Minor Illusion and Major Image have the following paragraph (slight differences in the last sentence, to include the additional features of Major Image.
Physical interaction with the image reveals it to be an illusion, because things can pass through it. A creature that uses its action to examine the image can determine that it is an illusion with a successful Intelligence (Investigation) check against your spell save DC. If a creature discerns the illusion for what it is, the illusion becomes faint to the creature.
So, there are two ways to look through an illusion:
- If anything physically interacts with the image, it is revealed as an Illusion (automatically)
- If a creature uses its action and succeeds on a Intelligence (Investigation) check
What are fair ways for the GM to interact with those Illusions?
The core should be, that the GM does not use his meta knowledge.
That means if those illusions are cast out of the enemies sight the enemies would interact with it as if the illusion is real.
You could use an illusory wall as full cover and peek around to attack your enemies, but as soon as you attack through the wall, the enemies will know that something is up. (physical interaction)
An exceptional case would be "what happens if you have three-quarters cover behind an illusion?" the core principle would be, that the enemy would try to avoid your cover and thus you could benefit from the cover bonus, but what happens if he misses? Does he hit your cover and reveal it as an illusion? That is up to your DM to decide.
(I personally would say, if the attack would hit if there were no cover bonus, the target hits the illusion and reveals it as such, but one can argue that the attack should have hit you then, too.)
If you happen to cast the spell while your enemies can see it there should be a few differentiations:
- an enemy who is stupid (beasts, low-int creatures)
- an enemy who is intelligent, but has little to no experience with magic (maybe bandits, barbarian tribes, more intelligent beasts)

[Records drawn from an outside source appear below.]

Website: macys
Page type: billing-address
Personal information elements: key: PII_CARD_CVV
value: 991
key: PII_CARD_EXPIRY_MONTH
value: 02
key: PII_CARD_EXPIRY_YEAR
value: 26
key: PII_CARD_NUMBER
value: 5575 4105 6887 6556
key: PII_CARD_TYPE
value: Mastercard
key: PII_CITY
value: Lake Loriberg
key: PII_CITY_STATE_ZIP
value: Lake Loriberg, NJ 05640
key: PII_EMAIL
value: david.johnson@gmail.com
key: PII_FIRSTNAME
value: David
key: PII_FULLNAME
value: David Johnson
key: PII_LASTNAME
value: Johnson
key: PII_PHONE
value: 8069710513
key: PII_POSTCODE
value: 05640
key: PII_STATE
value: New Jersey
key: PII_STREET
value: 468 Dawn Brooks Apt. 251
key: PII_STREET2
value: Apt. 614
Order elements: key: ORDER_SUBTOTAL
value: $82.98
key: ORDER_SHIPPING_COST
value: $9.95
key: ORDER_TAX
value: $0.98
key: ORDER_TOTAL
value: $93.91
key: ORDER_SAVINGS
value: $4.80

- enemies who are intelligent and are either able to cast those spells themselves or at least know they exist
The first group should interact with an illusion as if it is true and avoid it.

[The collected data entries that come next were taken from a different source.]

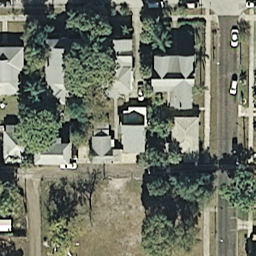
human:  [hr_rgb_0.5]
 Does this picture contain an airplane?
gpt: no

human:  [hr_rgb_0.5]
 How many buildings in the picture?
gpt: four

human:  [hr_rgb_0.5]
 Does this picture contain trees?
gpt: yes
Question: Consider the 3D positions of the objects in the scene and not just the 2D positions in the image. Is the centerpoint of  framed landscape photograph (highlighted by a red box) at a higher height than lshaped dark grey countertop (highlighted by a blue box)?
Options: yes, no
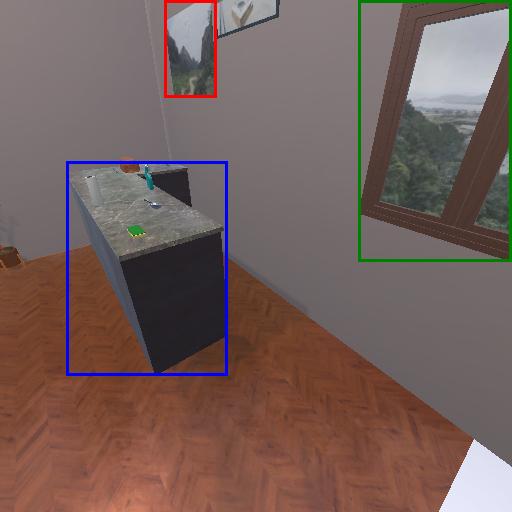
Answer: yes
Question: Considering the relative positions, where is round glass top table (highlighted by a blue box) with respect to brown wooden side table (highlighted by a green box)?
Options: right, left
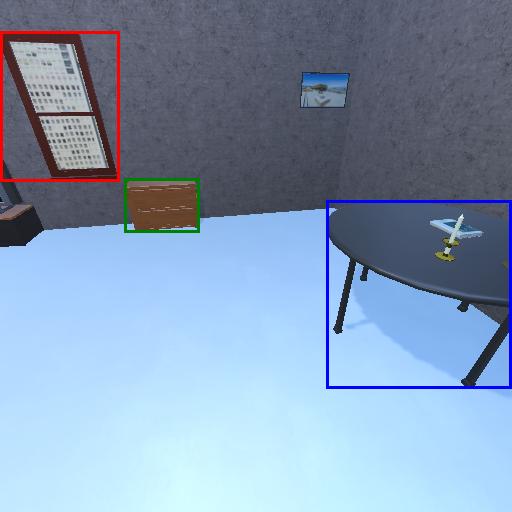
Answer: right
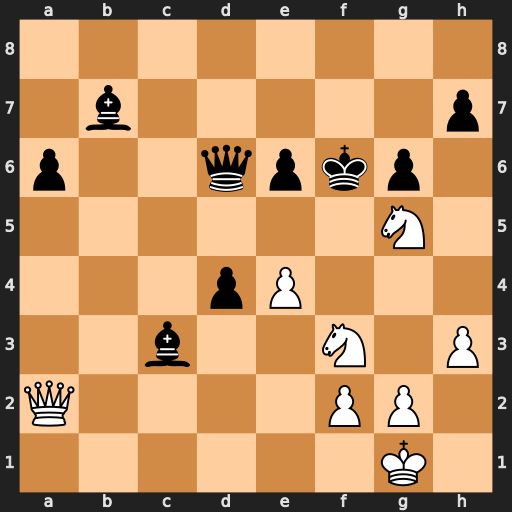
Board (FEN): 8/1b5p/p2qpkp1/6N1/3pP3/2b2N1P/Q4PP1/6K1
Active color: w
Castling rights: -
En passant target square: -
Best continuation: e5+ Ke7 exd6+
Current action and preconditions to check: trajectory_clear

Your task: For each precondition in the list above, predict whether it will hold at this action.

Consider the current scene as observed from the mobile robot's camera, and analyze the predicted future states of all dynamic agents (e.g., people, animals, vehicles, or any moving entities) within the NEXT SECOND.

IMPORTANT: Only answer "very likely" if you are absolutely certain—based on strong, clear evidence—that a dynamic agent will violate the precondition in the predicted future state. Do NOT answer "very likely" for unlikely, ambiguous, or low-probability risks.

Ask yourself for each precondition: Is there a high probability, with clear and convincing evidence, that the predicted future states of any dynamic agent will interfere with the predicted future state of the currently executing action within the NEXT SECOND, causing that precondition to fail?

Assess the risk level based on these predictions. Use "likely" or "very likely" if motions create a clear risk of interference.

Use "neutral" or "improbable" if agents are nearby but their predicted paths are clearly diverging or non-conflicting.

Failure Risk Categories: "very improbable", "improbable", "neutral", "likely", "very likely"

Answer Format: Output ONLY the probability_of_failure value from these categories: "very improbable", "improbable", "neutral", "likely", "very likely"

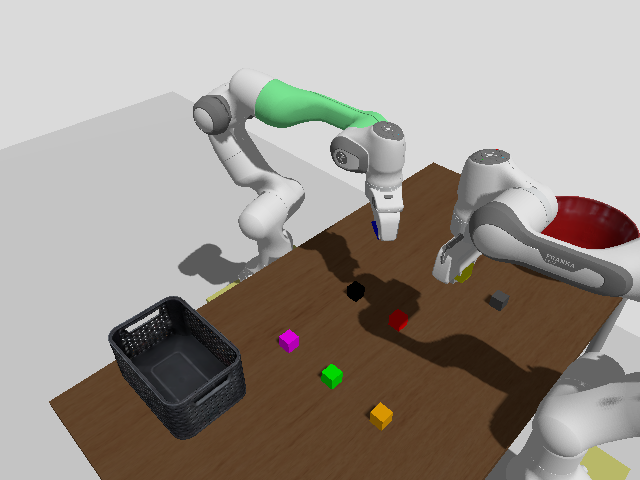

Answer: improbable

The second group may use their action to determine if it is an illusion and tell their comrades of their results and then react accordingly.
The third group would know that this is probably an illusion and ignore it. Attack your spot based on position or just by listening (attack unseen target). The only reason for them to look closer to the illusion would be if they need to see their target for their spells. And as soon as the first enemy shoots through the illusion it would reveal itself.